図4は、システム10の一実施形態のフローチャート、特に、システム10の一実施形態の構成要素がどのようにデータおよび/または電力を互いにやりとりするかを示すフローチャートである。システムのこれらの構成要素を接続するワイヤは、エポキシなどによってシールドされ得る。
【0025】
図5に示されるように、感知されたデータを搬送する無線信号は無線送信のために変調され得る。適切な変調の形式は、オンオフキーイング、振幅シフトキーイング(ASK)、周波数シフトキーイング(FSK)、位相シフトキーイング(PSK)、およびアナログ周波数変調を含み得る。有利には、変調された信号は、変調されていない信号よりも少ない電力を必要とし、変調されていない信号よりも送信機30から遠く離れて受信され得る。変調された信号はまた、変調されていない信号よりも高い精度を有し得る。
【0026】
図6A-6Cは、皮下センサ14から感知されたデータを受信し、処理し、表示するように構成されたコンピュータ実行可能命令を含むモバイルデバイス38のスクリーンショットを示す。モバイルデバイス38は、感知されたデータを患者および医師などのユーザに表示し、コンピュータ実行可能命令によりユーザがシステム10を制御することを可能にするグラフィカルユーザインタフェース(GUI)40を含み得る。
図6Cに示すように、GUI40は、感知されたデータ42(図示のように力および温度)を表示し、感知されたデータのグラフィック表示44を提供し得る。
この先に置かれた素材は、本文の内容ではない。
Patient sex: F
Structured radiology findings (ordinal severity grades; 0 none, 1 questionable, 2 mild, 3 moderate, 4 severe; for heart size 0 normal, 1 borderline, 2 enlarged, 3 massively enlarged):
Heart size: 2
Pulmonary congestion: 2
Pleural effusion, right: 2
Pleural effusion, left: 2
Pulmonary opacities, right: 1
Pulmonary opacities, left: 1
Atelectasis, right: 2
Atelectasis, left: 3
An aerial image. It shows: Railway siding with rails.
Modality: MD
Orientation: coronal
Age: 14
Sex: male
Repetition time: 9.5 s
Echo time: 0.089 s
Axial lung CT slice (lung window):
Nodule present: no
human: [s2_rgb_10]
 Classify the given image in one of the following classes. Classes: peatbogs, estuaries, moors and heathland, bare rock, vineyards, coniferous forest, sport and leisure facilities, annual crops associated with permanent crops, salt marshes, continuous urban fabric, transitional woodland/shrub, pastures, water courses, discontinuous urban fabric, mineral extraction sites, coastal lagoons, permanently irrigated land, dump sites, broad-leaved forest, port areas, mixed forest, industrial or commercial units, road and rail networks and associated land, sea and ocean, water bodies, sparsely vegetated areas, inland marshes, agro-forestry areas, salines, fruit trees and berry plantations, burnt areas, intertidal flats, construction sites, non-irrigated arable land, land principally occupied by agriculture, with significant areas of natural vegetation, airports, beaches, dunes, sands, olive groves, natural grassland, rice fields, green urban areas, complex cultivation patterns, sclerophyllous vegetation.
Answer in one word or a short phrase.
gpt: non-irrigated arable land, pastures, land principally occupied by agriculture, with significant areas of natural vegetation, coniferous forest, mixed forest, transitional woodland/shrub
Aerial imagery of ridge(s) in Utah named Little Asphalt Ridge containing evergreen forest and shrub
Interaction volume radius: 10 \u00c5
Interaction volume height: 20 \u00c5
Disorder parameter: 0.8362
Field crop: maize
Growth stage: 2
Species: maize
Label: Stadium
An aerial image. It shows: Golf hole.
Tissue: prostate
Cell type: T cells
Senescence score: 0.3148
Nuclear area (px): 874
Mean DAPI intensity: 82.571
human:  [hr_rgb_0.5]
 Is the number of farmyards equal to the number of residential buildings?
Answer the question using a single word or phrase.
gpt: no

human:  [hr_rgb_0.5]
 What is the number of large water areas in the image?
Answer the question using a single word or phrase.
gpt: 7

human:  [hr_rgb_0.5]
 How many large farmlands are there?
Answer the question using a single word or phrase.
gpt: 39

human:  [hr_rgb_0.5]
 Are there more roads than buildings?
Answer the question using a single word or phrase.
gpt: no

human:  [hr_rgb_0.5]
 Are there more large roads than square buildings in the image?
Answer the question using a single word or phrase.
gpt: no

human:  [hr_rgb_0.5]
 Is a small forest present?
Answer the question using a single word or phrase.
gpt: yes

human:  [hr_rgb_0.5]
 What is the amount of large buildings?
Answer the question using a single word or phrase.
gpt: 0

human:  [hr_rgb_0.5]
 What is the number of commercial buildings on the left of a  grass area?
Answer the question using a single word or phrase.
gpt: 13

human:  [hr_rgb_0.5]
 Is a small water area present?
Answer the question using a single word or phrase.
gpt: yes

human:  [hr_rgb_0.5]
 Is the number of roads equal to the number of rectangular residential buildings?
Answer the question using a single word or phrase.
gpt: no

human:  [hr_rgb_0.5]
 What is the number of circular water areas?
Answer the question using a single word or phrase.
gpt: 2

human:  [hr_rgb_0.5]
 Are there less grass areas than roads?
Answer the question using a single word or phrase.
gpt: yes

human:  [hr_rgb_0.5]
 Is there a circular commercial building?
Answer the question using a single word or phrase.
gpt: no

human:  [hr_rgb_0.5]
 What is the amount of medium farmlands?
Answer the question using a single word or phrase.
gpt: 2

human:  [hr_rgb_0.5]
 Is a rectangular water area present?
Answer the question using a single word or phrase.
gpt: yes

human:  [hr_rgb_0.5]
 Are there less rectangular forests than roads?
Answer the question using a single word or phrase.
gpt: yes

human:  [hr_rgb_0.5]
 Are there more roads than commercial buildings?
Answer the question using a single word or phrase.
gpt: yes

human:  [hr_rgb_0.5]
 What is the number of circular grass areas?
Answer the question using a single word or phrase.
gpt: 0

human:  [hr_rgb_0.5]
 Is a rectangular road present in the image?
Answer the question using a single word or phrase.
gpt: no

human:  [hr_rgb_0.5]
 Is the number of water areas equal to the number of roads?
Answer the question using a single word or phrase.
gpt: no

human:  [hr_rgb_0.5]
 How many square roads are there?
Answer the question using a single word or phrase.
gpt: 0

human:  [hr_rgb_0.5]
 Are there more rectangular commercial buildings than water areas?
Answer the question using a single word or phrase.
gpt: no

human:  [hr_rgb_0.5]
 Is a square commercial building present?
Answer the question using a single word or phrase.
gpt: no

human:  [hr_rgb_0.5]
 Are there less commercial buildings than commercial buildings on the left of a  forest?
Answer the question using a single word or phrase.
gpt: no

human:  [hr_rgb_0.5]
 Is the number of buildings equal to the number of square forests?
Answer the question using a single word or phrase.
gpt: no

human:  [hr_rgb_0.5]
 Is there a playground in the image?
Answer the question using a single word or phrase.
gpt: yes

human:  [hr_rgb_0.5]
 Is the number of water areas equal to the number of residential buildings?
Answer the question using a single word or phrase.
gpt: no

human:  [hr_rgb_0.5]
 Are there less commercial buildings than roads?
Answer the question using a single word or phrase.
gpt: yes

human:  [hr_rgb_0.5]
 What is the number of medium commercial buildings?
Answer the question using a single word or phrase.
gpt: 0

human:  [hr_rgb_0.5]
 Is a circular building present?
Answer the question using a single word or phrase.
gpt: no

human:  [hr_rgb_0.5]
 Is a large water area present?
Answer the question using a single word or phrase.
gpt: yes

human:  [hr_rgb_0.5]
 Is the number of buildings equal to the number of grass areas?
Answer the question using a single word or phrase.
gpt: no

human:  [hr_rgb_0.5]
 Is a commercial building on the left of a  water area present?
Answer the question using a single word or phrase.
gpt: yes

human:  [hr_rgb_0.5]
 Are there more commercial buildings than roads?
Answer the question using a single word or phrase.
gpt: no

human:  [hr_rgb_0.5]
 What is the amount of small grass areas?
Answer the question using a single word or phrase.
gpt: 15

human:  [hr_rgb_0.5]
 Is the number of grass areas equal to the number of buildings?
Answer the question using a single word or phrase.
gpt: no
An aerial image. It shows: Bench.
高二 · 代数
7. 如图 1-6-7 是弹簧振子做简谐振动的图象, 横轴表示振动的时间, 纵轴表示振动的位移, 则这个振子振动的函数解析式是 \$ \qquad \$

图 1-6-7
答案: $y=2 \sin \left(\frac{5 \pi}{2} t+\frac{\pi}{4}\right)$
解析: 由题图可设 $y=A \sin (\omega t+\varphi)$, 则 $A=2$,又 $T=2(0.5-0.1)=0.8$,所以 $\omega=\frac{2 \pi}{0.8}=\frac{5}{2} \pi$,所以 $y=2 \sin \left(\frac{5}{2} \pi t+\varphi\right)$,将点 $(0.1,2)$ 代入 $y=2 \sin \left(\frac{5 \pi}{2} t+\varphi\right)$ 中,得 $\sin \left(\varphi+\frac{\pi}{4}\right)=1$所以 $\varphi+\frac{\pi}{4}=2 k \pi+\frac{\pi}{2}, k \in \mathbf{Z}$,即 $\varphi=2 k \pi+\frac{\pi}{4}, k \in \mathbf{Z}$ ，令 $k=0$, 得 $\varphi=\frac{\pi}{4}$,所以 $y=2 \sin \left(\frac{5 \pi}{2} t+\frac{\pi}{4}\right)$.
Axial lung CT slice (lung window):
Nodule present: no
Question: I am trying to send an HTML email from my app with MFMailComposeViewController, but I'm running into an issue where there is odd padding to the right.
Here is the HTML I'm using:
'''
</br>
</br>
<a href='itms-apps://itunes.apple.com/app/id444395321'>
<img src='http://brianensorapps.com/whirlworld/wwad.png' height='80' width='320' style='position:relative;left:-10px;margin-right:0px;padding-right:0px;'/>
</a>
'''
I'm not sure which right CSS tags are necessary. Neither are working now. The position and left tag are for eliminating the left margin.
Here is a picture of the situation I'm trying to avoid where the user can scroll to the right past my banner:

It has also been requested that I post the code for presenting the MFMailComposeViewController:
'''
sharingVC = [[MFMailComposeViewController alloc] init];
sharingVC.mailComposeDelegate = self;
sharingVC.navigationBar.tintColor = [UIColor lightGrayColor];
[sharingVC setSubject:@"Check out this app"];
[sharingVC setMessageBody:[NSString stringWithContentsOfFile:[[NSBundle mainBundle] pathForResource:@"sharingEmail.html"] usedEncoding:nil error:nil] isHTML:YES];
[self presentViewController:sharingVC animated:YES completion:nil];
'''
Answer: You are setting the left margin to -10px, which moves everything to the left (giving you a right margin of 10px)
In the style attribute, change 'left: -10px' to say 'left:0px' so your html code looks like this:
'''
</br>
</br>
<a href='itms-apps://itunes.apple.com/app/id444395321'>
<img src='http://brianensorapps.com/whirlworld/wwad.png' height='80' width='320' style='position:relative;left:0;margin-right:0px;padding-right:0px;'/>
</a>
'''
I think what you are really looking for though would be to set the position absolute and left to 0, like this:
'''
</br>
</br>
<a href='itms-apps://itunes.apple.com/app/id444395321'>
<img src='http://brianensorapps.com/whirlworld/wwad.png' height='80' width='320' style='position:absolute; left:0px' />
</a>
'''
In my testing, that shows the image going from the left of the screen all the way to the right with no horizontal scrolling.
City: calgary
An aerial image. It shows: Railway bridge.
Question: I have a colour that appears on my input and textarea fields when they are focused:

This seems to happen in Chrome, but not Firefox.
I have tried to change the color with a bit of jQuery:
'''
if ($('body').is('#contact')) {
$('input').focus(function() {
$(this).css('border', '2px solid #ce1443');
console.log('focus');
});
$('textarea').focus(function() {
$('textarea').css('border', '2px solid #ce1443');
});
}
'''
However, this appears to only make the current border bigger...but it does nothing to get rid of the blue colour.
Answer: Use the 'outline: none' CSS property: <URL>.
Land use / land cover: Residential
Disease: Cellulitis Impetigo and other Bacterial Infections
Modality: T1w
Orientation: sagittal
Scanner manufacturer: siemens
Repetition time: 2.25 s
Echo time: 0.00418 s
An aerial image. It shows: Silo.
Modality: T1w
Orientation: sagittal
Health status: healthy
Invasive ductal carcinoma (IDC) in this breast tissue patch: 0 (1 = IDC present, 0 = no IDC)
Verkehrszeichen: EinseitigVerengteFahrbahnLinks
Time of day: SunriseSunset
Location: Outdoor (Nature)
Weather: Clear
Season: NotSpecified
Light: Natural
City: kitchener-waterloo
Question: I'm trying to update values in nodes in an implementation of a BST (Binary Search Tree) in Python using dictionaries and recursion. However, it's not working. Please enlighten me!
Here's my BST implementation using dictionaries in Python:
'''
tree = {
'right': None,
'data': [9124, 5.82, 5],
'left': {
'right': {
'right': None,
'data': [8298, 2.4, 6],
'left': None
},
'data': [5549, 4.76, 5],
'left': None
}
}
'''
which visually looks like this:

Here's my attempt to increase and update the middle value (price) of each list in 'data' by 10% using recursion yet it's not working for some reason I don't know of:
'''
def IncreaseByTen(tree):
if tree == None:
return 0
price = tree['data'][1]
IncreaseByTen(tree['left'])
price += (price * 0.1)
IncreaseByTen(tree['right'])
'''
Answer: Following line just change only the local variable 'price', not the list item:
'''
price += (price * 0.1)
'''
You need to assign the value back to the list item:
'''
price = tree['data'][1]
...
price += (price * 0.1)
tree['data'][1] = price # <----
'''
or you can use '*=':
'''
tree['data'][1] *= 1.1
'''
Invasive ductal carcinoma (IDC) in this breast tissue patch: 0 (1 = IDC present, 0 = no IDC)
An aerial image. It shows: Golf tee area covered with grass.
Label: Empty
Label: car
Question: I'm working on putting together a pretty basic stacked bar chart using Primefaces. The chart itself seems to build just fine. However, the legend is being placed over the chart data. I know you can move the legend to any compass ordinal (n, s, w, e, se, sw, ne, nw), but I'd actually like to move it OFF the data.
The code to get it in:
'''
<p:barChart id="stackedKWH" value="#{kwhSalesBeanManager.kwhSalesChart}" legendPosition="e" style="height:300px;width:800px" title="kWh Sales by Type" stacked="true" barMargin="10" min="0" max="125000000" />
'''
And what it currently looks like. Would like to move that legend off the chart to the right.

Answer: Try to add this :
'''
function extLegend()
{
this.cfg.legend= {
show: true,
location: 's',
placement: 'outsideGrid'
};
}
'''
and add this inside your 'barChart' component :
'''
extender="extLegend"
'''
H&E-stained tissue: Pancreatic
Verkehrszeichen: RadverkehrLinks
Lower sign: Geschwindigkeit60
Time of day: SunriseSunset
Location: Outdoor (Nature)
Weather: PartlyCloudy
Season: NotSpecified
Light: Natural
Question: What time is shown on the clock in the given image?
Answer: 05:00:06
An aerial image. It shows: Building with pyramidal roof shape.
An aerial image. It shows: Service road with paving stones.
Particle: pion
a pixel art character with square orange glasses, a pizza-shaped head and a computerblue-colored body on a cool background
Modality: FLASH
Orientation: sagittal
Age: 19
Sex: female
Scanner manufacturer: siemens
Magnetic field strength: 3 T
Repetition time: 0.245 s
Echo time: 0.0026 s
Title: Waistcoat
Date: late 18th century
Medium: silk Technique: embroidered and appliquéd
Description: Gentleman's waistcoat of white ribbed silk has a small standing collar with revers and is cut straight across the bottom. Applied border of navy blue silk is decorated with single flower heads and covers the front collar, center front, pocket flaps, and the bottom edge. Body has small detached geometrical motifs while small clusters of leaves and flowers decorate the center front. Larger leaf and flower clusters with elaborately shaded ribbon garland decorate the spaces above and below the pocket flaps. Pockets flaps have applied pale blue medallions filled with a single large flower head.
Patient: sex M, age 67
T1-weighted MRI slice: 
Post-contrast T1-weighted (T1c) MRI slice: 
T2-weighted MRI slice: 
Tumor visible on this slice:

GUI40は、感知されたデータの最大値46、平均値48、および最小値50を表示し、システム10はそれを記憶し得る。GUI40はまた、ユーザがシステム10の設定52を制御し、システム10を一時停止/スタートし、システム10をリセット56し、システム10の電源をオン/オフ58することを可能にするように構成され得る。
【0027】
図7A-8Dは、システム10の別の実施形態による皮下センサ14と通信するように構成されたコンピュータ可読命令を有するモバイルデバイスのスクリーンショットを示す。モバイルデバイス38に格納されたコンピュータ実行可能命令は、医師などが、後で見るため経時的に感知されたデータを記録する60ように構成され得る。コンピュータ実行可能命令は、モバイルデバイス38がセンサ14とアクティブに通信している(すなわち接続されている)かどうかを示し得る。コンピュータ可読命令は、感知されたデータをメートル法および/またはイギリス単位(すなわち、帝国単位)でモバイルデバイス38に表示するように構成され得る。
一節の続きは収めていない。